Rio (AG) – O IGP-10 registrou deflação de 0,37% em julho, segundo dados divulgados ontem, pela Fundação Getúlio Vargas. Em junho, a taxa apresentara deflação de 0,41%. No ano, o IGP-10 acumula alta de 1,8% e nos últimos 12 meses, de 5,86% A deflação apurada pelo IGP-10 foi maior que o esperado pelos analistas e pode reforçar a tese de que o Copom precisa preparar a queda dos juros básicos da economia, antes que se instale um processo recessivo.

O Comitê de Política Monetária do Banco Central se reúne na próxima semana para decidir sobre a taxa básica de juros do País (Selic), atualmente em 19,75%.

Os principais índices apresentaram deflação em junho. O IPCA, índice oficial do governo, teve deflação de 0,02% em junho, seguido pelo IGP-M, usado na correção dos contratos de aluguel e telefonia, caiu 0,44%, enquanto que o IGP-DI teve deflação de 0,45%.

Dois dos três índices que compõem o IGP-10, o Índice de Preços no Atacado (IPA) foi o que registrou a maior contribuição para o resultado de julho, passando de -1,10% para -0,64%. O item Bens Finais tiveram variação menor do que no mês de junho, passando de -0,71% para -0,30%.

Já o Índice de Preços ao Consumidor (IPC) passou de variação positiva de 0,51% para deflação de 0,04%. Dos sete componentes desse item, quatro apresentaram taxa de variação inferiores às do mês passado. Segundo a FVG, a queda de 0,99% do grupo Alimentação e a desaceleração do grupo Vestuário (0,66%) foram as maiores contribuições.
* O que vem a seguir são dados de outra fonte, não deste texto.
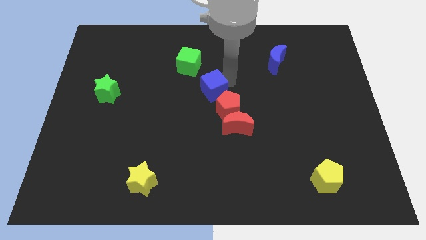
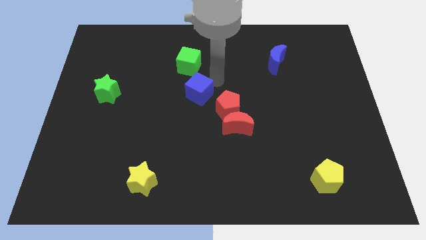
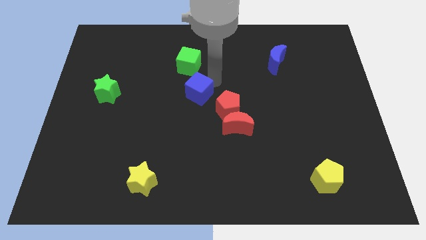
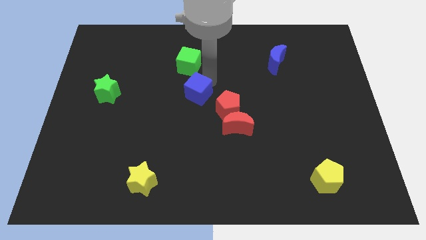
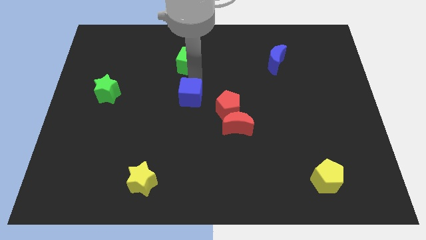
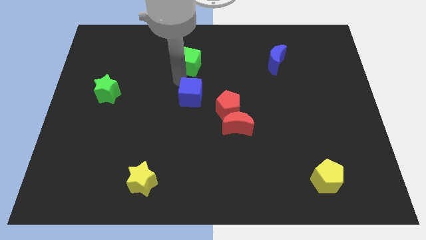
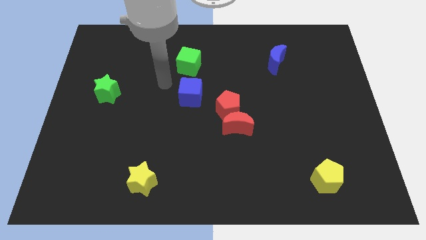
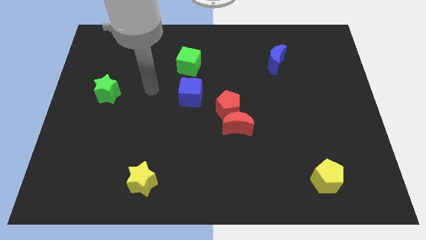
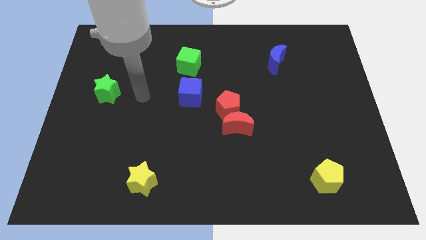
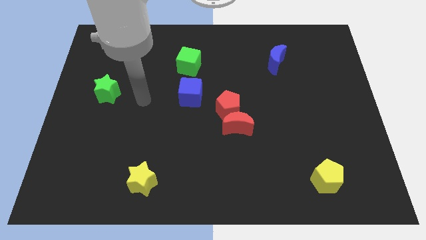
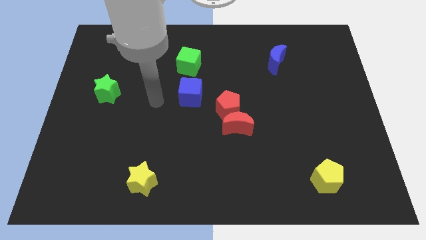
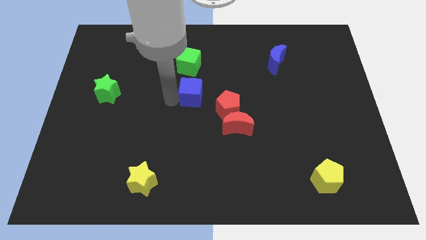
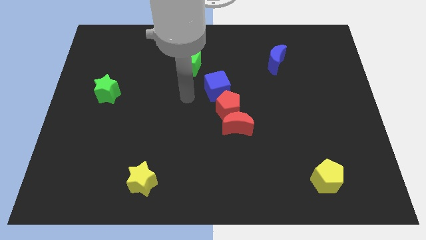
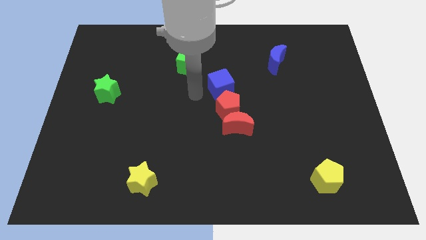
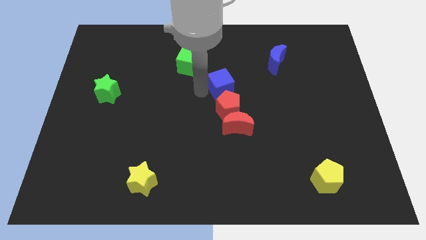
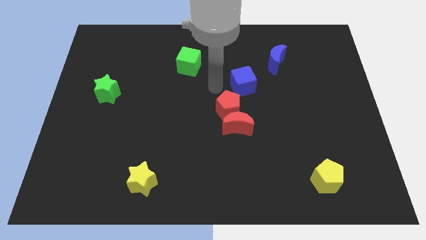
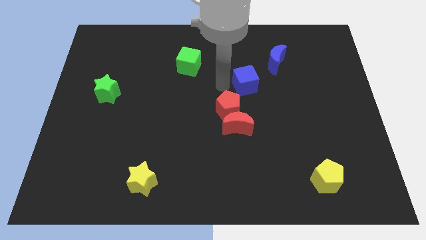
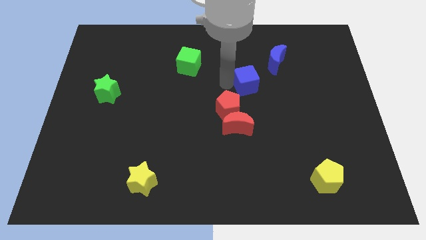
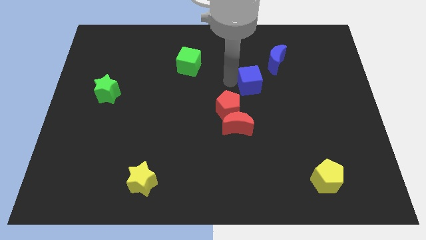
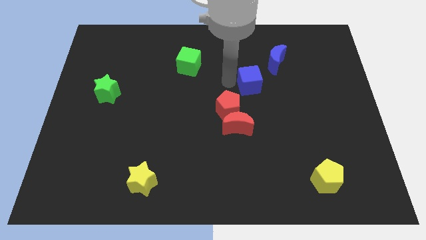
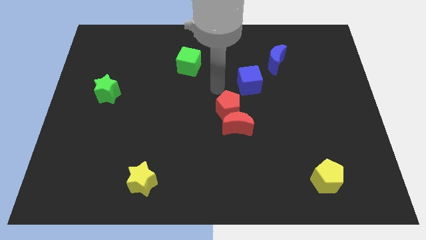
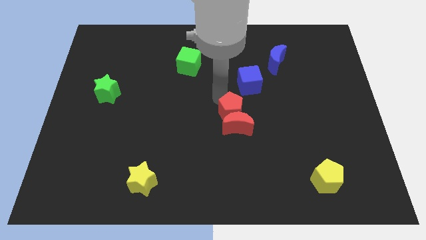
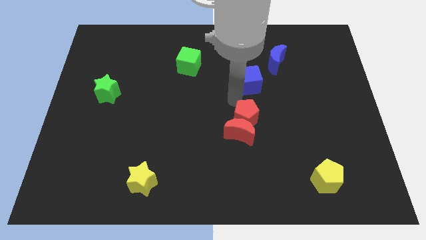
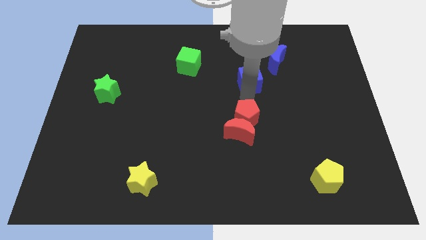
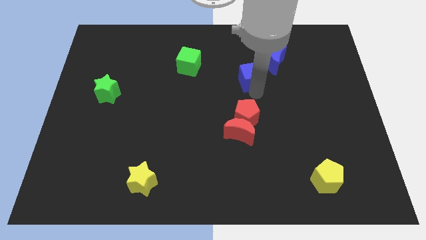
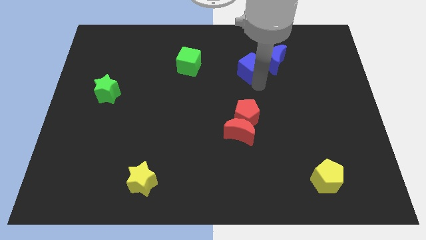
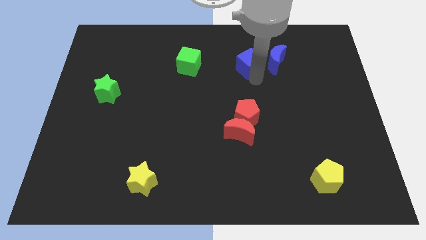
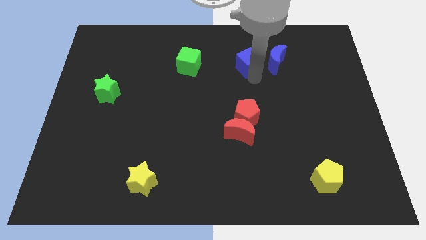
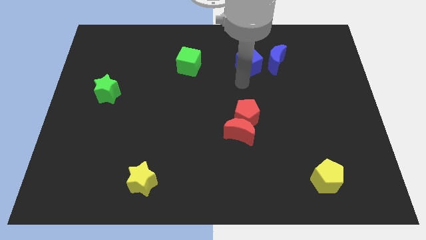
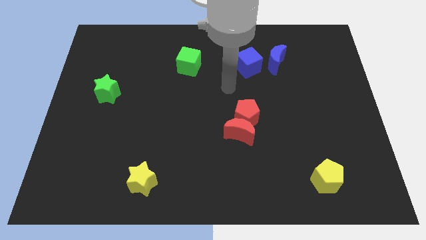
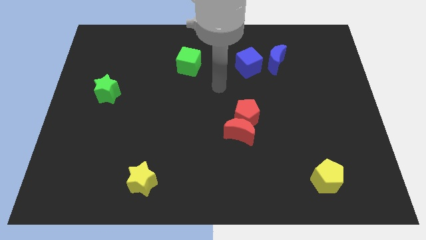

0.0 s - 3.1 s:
place the blue cube to the left of the blue moon

O Índice Nacional de Construção Civil (INCC) apresentou variação de 0,64%, contra 2,21% do mês de junho. Os preços de Mão-de-Obra subiram 1,08% no mês, contra 4,53% de junho.

As opiniões dos analistas de mercado variam em relação à posição que o Copom adotará na reunião do próximo dia 20. Algumas correntes acreditam que o BC deverá já a partir de agora começar a reduzir a Selic, enquanto uma outra corrente estima que isso só deve ocorrer a partir de outubro.

É o caso da Consultoria Tendências, que aposta na manutenção dos juros em julho e agosto e em corte de 0,25 ponto percentual em setembro, com aumento do ritmo a partir de outubro. Com cortes de 0,5 ponto em outubro, novembro e dezembro, a Selic chegaria ao final do ano em 18% ao ano.

?Em nossas projeções, aumentamos o ritmo de cortes a partir de outubro levando em conta que a inflação corrente está caminhando rapidamente para a meta de 2006. A manutenção da taxa até setembro se deve apenas à cautela?, afirmou.

Maurício Oreng e a equipe do Unibanco também esperam para setembro o início dos cortes da taxa Selic, mas apostam em cortes de 0,5 ponto já a partir do primeiro. Com isso, a taxa Selic chegaria a dezembro em 17,75% ao ano.

?Os índices de inflação corrente vão ter um peso maior na decisão do BC, que já projeta para 2006 uma inflação menor (3,7%) que a meta (4,5%). A tendência nos próximos meses é a economia crescer menos, com um efeito maior nos índices de preços ao consumidor. Nesse cenário, o BC terá mais confiança para começar a cortar os juros em setembro?, disse Oreng.